Было тихо. Только лязгали гусеницы да чавкала под ногами топь. В нас никто не стрелял, и я подумал, что атака не так страшна, как об этом рассказывают. И только подумал так, как - взжжик! - над моим ухом проныла пуля. Моя голова инстинктивно дернулась вбок, и я с ужасом почувствовал, как меня снова опутывает страх - тот самый страх, от которого я, казалось, избавился навсегда.
Взвизгивали пули. Я бежал, пригнувшись, вобрав голову в плечи, борясь с искушением броситься на землю, прижаться к ней, слиться с ней. Я, возможно, так и поступил бы. Но все бежали. Бежал и я, удивляясь лишь тому, что никто не кричит "ура", все трамбуют ватообразную, похожую на студень землю молча, сосредоточенно, словно исполняют тяжелую работу. Я подумал, что надо обязательно крикнуть "ура", как об этом пишут в книгах и показывают в кино.

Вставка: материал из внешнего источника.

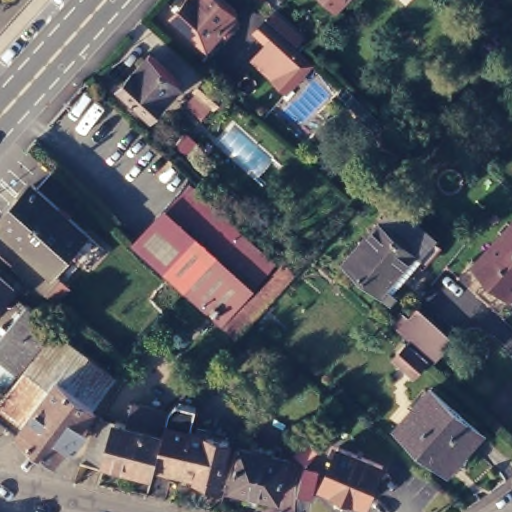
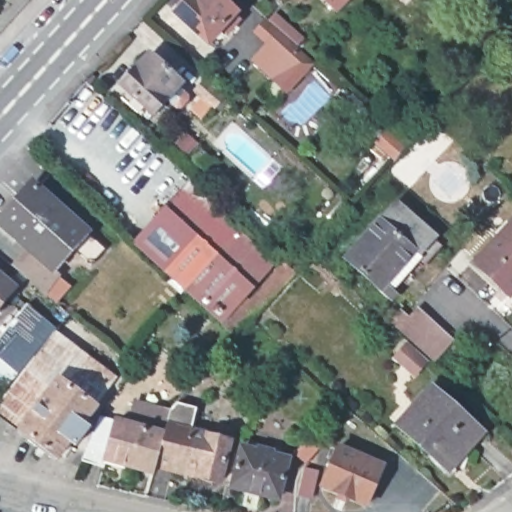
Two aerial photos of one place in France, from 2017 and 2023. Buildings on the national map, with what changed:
unchanged [(208,43),(175,13),(186,0),(224,0),(236,11),(208,43)]
unchanged [(324,0),(346,0),(335,11),(324,0)]
unchanged [(254,30),(259,25),(292,54),(287,60),(254,30)]
unchanged [(252,31),(282,58),(271,70),(241,43),(252,31)]
unchanged [(129,95),(135,89),(120,76),(150,45),(181,74),(152,105),(143,97),(137,103),(129,95)]
unchanged [(220,111),(215,106),(214,108),(195,91),(205,80),(223,97),(223,98),(228,103),(220,111)]
unchanged [(37,179),(91,228),(108,244),(93,260),(76,244),(58,265),(63,270),(48,287),(17,261),(32,242),(4,217),(37,179)]
unchanged [(236,340),(130,243),(187,180),(295,272),(236,340)]
unchanged [(445,238),(426,259),(416,250),(392,278),(400,286),(400,288),(400,290),(400,292),(398,293),(395,293),(393,293),(385,285),(350,254),(400,198),(445,238)]
unchanged [(510,289),(477,258),(512,219),(512,286),(510,289)]
unchanged [(0,307),(0,266),(20,284),(0,307)]
unchanged [(90,353),(87,357),(117,379),(83,424),(89,428),(75,446),(70,442),(57,459),(0,417),(0,403),(21,376),(18,374),(0,359),(0,336),(27,304),(57,330),(54,333),(56,335),(59,330),(90,353)]
unchanged [(399,329),(392,322),(400,312),(408,319),(417,310),(451,341),(433,361),(399,329)]
unchanged [(449,465),(398,420),(430,383),(482,428),(449,465)]
unchanged [(128,425),(133,403),(169,412),(157,462),(153,474),(107,461),(105,468),(82,462),(100,418),(128,425)]
unchanged [(197,409),(191,431),(197,433),(198,427),(212,430),(210,436),(230,441),(219,483),(192,477),(193,470),(157,462),(169,412),(177,403),(197,409)]
unchanged [(307,464),(296,455),(313,436),(323,445),(307,464)]
unchanged [(337,499),(339,494),(322,486),(338,446),(355,453),(358,445),(366,448),(362,457),(383,465),(366,505),(348,498),(347,502),(337,499)]
unchanged [(248,501),(250,492),(232,487),(242,448),(259,452),(260,449),(272,452),(271,455),(288,459),(278,499),(260,494),(257,503),(248,501)]
unchanged [(303,469),(317,472),(310,498),(297,496),(303,469)]

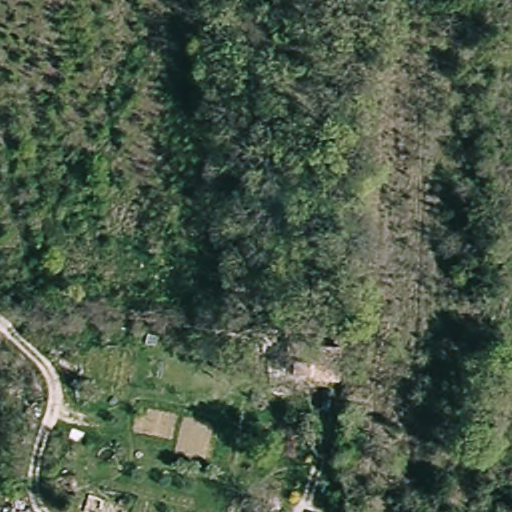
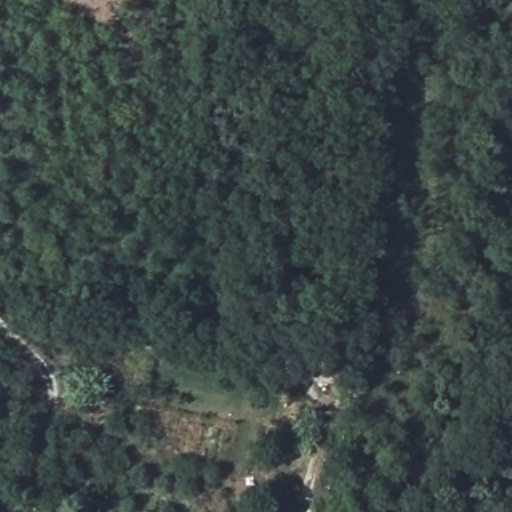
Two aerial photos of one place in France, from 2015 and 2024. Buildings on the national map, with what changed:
unchanged [(297,343),(349,346),(347,380),(301,377),(295,376),(295,365),(297,343)]
unchanged [(3,512),(0,512),(0,511),(3,512)]

- Ура-а-а! - Мой голос прозвучал одиноко, неуверенно.
До высотки оставалось совсем немного, когда забрехала с нее, словно пес, пушка-скорострелка и заухали минометы - все, что уцелело от артналета. Наш взвод стал нести потери: упал один, другой, третий.
Громыхнуло сзади. В нос ударил кисловатый пороховой смрад. Воздушная волна толкнула меня в спину, и несколько комьев мокрой земли упало мне на каску. "Вот оно", - подумал я, но не почувствовал никакой боли и понял, что на этот раз все обошлось.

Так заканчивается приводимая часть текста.